I just updated to 10.4.3, and after the first reboot Little Snitch reported a network request by Dock.app to apple.com -- something which had never happened before. The first time I let it slip, but the second request came when I opened Dashboard for the first time, and this time I started tcpdump before granting access.
Among the expected traffic (updating the weather forecast) was a rather unusual request:
22:19:57.059318 IP (tos 0x0, ttl 64, id 27097, offset 0, flags [DF], length: 147) 192.168.0.4.50428 > www.apple.com.http: P [tcp sum ok] 1:108(107) ack 1 win 65535 0x0000: ..[.q>..$..^..E. 0x0010: ..i.@.@......... 0x0020: .[...P..B.N.fvP. 0x0030: ...\..GET./widge 0x0040: ts/widget.info.H 0x0050: TTP/1.1..User-Ag 0x0060: ent:.CFNetwork/1 0x0070: 0.4.3..Connectio 0x0080: n:.close..Host:. 0x0090: www.apple.com... 0x00a0: .

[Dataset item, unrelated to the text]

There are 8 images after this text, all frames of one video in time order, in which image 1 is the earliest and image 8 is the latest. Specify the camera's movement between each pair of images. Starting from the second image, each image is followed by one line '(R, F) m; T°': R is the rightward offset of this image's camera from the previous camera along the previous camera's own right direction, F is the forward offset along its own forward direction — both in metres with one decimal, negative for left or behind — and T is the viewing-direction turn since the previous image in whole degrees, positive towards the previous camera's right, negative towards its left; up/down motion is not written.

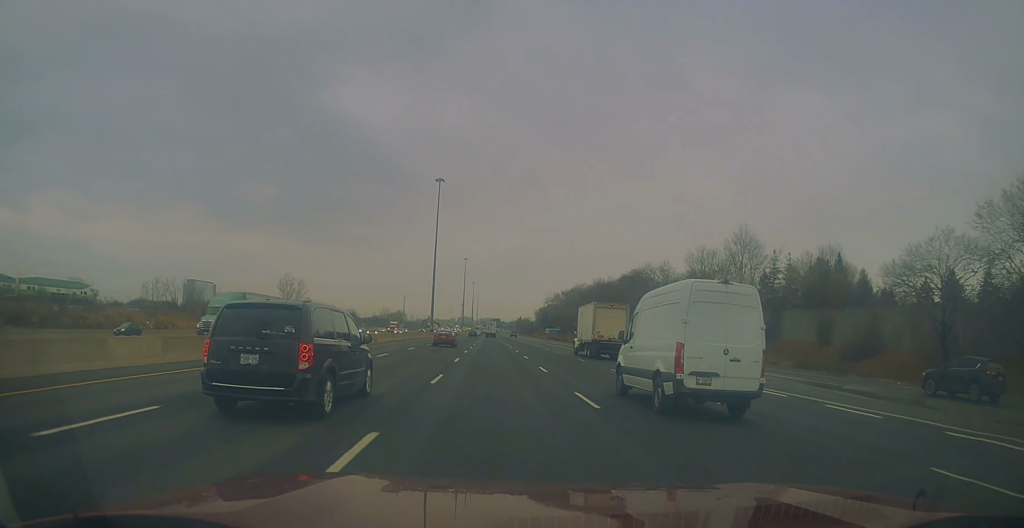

...i.e., an HTTP request for http://www.apple.com/widgets/widget.info, with a user agent of CFNetwork/10.4.3 (CFNetwork is Apple's new networking API introduced with OS X 10.4). The requested plain-text document is as succinct as it is weird:
...and that, as far as I can see, was the full conversation. (I've omitted the reply's HTTP headers as they contain nothing unusual.)
This conversation contains no identifying information, no serial numbers or unique identifiers apart from my IP address, so I'm not really worried about my privacy. And as a Mac user you quickly get accustomed to applications phoning home. But still, usually this happens to check for application updates, so this seemingly senseless request is a bit unordinary, even more so coming from an Apple application.
I'm not really clear about what this means -- at the very least Apple at some point in the near past chose to be notified of certain user actions; maybe they simply want to monitor how often their Dashboard service is used, and in which countries.
But as long as I have no immediate benefit from this transaction I'd like to have a choice to disable these requests, so I started searching for a preference to turn them off -- but there seems to be no plist file that contains the requested URL string, and the Dashboard application doesn't contain it either, nor do the two widgets I use (Apple's weather widget and Widget Machine's Flip Clock). In the end I found the string hard coded in the Dock.app binary:
/System/Library/CoreServices/Dock.app/Contents/MacOS $ strings Dock | grep widget.info http://www.apple.com/widgets/widget.info
There seems to be little information on this on the web -- a Google search leads to a short discussion in the MacMod forum which more or less documents exactly the same, and at least shows that other people have found this on their systems as well (notably also by having Little Snitch running in the background). And that's about it.
I'd like to document the circumstances under which this kind of traffic occurs, so contact me or write a comment if you find additional information -- e.g. it would be interesting to know if this has been introduced with 10.4.3, so if you haven't updated yet you could check if your Dock binary also contains the same URL.
(By the way, other strings you can find in the Dock binary: "Bunny Rabbit", and "Dashboard: delete widget thread could not create timer. You are hosed".)